江咏念挥挥手:“你太小瞧我了,真的害怕是不会尖叫的,我尖叫那是玩得尽兴的反应。”
“哦~好,那希望你今天也能玩得尽兴。”解见意味深长地点点头,顺手往后递过去两盒草莓。
薄靳川前几天不知发什么神经,估计是喝醉酒了,半夜突然打电话过来撒娇说自己没人陪,空虚寂寞冷,此刻正坐在酒吧门前发呆。
解见心道:您花花公子哥哪可能没人陪,想在我这棵树上吊死大大方方承认不就好了,非要撒些拙劣的谎搞得两个人都难受。
于是他在电话里调侃:“还不是自己作出来这样。”
他原以为薄靳川会如往常那般,没心没肺地开玩笑,说句“那怎么了,你兜着我不就好了”。

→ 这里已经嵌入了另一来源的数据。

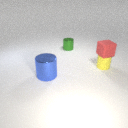
small yellow rubber cylinder below small red rubber cube
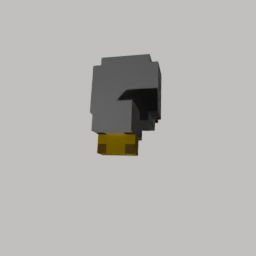
Label: animals
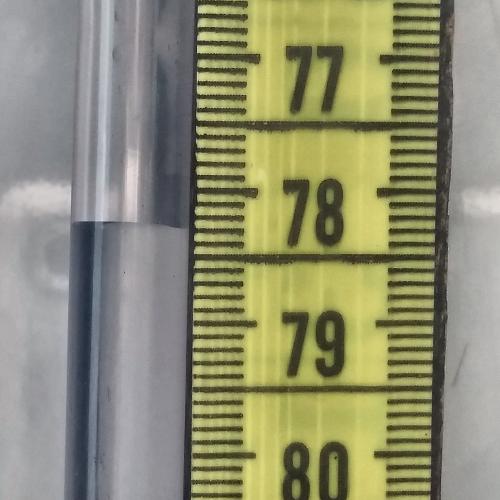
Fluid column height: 78.3 cm
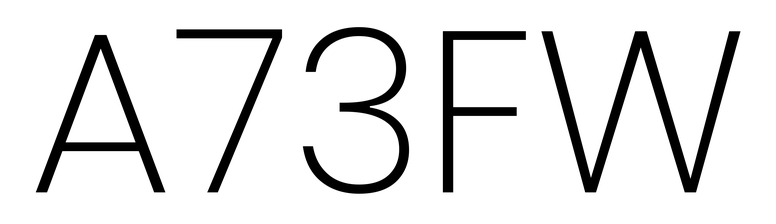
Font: Poppins-ExtraLight
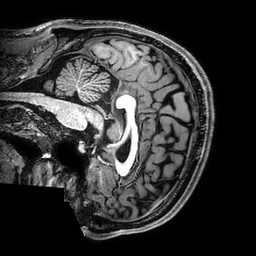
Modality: T1w
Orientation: sagittal
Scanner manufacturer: philips
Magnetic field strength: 3 T
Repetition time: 0.008406 s
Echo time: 0.00389 s
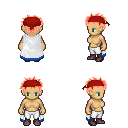
a pixel art fantasy rpg character, female body template, human, tanned skin, white trimmed cape, white pants, red bedhead hairstyle, red bandana, maroon shoes, four views (front, back, left, right), 2x2 character sprite sheet, small pixel art, hard edges, no anti-aliasing
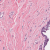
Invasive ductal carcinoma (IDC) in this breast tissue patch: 0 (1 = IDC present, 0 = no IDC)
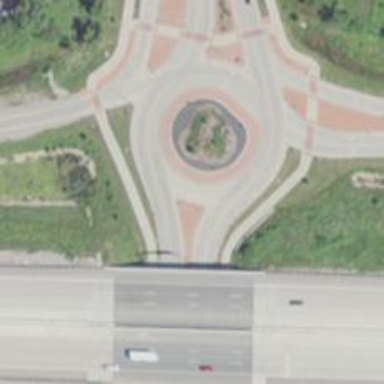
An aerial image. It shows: Primary highway intersecting roundabout.
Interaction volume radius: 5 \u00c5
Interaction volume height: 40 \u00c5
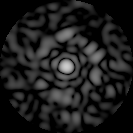
Disorder parameter: 0.824
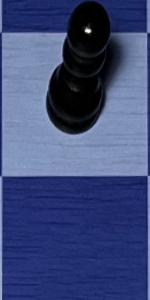
Label: Empty

然而他并没有听到心里想的那句话,对方是真的心情不好,也是真的孤独,用于示人的面具都不愿意戴了。
薄靳川在那头沉闷地苦笑,低下头吸了吸鼻子,淡淡地说了句:“嗯,那求你心疼心疼我吧。”
就像是妥协着认栽。
最后还真成了解见心疼,便让他把家里那辆六座车开出来。
“你这是要把我当司机?”
“你也可以选择不干,现在就从驾驶座上滚下来,当我租了你这车一天。”解见没好气地回答。
说罢,他打开驾驶座的车门,佯装要爬上去。
果不其然,薄靳川急忙把人拦住,嬉皮笑脸道:“我挺喜欢当司机的,别累着你,上副驾驶去。”
“……”
“怎么不动?”
解见想下车从前边绕到副驾驶去,然而身后的人一动不动,跟堵墙似的堵在车门那。他转头恶狠狠地瞪,对方也只是装傻充愣。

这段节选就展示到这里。